Meiosis is an important specialized cell division in many eukaryotic species, including fungi, plants, and animals. Meiosis results in the production of haploid gametes starting from a diploid cell via 1 round of replication and 2 rounds of cell division. In an influential article published in 1957, Sandler and Novitski first pointed out that meiosis is also an intense battleground, in which gametes vie for evolutionary supremacy with each other, often poisoning their competition to gain a fratricidal advantage (Sandler and Novitski 1957). This competition, which they termed “meiotic drive,” operates as an evolutionary force that can cause an increase in frequency of the allele that is favored during meiotic transmission. Unlike alleles that rise in frequency because they confer a fitness advantage to their carriers, meiotic drivers can rise in frequency even while conferring significant fitness disadvantages on their carriers. Thus, meiotic drivers can be viewed as the quintessential selfish genes; it is the best interest of the rest of the genome to counteract their action to restore organismal fitness.
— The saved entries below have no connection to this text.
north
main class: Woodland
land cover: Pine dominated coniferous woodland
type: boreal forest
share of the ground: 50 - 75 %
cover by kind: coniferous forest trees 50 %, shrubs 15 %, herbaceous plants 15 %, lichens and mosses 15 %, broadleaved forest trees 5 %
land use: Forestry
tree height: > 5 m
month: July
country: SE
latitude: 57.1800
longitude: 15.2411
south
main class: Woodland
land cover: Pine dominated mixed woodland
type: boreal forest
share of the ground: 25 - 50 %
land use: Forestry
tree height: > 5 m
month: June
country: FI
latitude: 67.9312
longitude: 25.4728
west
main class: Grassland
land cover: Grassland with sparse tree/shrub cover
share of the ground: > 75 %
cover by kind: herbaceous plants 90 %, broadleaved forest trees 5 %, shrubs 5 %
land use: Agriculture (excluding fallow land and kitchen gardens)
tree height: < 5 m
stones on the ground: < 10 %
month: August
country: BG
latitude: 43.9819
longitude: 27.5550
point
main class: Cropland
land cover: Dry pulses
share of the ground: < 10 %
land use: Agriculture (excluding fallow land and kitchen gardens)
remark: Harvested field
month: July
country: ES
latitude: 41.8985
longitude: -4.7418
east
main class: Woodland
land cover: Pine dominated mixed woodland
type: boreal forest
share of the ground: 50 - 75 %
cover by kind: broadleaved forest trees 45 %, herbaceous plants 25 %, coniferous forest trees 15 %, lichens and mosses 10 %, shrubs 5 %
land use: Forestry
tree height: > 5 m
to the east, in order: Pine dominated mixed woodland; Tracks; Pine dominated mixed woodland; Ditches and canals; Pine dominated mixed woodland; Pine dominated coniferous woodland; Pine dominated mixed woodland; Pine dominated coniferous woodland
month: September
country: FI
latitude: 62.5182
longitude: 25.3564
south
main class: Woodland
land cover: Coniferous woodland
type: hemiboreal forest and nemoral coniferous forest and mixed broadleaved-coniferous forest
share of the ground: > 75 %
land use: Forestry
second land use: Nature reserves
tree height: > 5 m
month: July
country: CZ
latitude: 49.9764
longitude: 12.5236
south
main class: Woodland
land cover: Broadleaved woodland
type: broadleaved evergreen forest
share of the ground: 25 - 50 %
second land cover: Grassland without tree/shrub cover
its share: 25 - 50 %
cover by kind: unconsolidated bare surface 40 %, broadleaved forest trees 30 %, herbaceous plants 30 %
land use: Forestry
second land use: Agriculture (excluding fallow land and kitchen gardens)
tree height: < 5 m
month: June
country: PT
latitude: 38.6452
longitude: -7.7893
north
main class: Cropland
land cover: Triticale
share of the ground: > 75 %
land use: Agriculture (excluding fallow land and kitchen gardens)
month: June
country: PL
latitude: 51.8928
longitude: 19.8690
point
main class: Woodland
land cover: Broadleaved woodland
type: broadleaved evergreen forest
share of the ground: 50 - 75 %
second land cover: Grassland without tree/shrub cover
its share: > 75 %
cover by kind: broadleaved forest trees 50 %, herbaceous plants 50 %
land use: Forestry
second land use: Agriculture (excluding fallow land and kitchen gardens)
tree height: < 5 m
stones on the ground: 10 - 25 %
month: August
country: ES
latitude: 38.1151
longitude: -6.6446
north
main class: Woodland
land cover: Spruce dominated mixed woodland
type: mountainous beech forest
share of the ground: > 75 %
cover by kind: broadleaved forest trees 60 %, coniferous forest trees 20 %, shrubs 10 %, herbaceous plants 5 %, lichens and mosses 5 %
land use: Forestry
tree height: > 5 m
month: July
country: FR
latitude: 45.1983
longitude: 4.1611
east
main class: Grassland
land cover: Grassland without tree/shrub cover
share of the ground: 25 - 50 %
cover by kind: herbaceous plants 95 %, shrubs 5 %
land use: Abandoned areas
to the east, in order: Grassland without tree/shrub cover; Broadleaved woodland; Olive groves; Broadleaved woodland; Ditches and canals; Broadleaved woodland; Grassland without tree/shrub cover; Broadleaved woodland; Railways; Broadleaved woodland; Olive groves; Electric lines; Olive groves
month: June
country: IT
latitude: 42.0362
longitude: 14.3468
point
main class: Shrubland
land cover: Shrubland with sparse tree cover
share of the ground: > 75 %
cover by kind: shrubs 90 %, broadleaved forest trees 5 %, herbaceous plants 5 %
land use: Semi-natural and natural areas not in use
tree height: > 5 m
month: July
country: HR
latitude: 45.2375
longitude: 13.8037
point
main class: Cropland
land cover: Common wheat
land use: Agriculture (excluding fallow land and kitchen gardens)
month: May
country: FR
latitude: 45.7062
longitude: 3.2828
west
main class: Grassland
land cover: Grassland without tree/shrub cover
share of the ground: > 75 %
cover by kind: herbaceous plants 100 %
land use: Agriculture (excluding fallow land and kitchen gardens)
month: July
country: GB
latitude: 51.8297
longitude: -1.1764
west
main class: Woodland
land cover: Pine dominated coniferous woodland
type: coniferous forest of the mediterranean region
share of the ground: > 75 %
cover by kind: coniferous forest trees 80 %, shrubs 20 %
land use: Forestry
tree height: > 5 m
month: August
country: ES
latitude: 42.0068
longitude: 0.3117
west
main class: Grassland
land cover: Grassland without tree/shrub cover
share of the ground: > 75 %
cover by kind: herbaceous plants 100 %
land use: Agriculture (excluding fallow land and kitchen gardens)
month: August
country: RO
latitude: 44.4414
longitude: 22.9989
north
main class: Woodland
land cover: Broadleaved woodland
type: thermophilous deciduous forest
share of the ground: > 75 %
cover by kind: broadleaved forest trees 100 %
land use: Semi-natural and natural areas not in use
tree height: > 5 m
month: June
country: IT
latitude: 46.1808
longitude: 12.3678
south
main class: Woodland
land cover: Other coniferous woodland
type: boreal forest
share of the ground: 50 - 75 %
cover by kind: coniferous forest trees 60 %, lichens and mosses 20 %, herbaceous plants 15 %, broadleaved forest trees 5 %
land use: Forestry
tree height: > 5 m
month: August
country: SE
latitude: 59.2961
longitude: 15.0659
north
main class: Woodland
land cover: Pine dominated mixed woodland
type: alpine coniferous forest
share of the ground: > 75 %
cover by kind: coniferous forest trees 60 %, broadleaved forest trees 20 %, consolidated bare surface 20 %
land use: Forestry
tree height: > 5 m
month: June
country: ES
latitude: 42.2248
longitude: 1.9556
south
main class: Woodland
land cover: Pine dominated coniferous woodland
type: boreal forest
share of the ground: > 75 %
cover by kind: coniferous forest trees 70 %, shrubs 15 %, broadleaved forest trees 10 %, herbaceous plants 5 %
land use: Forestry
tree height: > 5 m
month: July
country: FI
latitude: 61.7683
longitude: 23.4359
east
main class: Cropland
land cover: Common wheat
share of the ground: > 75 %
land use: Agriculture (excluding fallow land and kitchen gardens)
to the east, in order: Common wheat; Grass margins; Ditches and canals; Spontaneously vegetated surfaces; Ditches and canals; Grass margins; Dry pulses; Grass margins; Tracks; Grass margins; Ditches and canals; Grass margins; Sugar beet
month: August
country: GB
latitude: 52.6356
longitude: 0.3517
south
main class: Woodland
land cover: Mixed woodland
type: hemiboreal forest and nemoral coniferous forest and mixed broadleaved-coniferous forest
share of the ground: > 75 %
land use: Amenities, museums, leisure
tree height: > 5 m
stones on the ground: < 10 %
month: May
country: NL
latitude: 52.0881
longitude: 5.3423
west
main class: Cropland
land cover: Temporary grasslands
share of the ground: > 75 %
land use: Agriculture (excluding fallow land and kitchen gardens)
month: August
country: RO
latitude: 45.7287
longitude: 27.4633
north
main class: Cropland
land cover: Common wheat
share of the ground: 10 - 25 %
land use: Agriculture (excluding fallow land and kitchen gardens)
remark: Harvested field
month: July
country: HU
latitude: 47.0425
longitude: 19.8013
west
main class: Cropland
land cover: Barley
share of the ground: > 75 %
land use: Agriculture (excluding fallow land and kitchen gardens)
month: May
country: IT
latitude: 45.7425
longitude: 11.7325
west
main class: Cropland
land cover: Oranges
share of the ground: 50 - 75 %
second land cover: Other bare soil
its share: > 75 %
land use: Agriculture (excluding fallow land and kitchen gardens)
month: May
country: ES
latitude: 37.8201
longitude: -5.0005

With their proposal and subsequent work, Sandler and Novitski laid the foundations of the meiotic drive field. Thus, it is a special honor for me to receive the 2022 Novitski Prize for postulating that essential components of the cell division apparatus have been shaped by relentless evolutionary battles during meiosis. This essay is not intended to be a comprehensive summary of meiotic drive mechanisms but rather a personal summary of both the preceding discoveries that inspired our hypothesis and the subsequent studies that have validated and extended its key postulates. I have tried to be as historically accurate as possible while relying on an unreliable memory.

In their simplest forms, meiotic drivers can be classified into 2 types (Sandler and Novitski 1957; Burt and Trivers 2006; McLaughlin and Malik 2017). The first of these acts during or after male meiosis, which normally produces 4 haploid gametes (e.g. pollen in plants, spores in fungi, sperm in animals). Meiotic drive alleles typically act by encoding toxins that prevent the survival or maturation of chromosomes that do not carry them. They protect themselves either by encoding antidotes that prevent their own destruction or by specifically targeting chromosomal “susceptibility” loci that are only carried by competing chromosomes (McLaughlin and Malik 2017). Many independent meiotic drive genes with distinct mechanisms of toxicity have been discovered in fungi, flies, plants, and mice (Olds-Clarke and Johnson 1993; Larracuente and Presgraves 2012; Lindholm et al. 2016; Saupe and Johannesson 2022). In some cases, meiotic drivers arise as neomorphic alleles that target chromosome condensation or sperm flagella functions (Merrill et al. 1999; Herrmann et al. 1999). However, the evolutionary origins of most meiotic drive genes or their toxicity mechanisms are not well understood.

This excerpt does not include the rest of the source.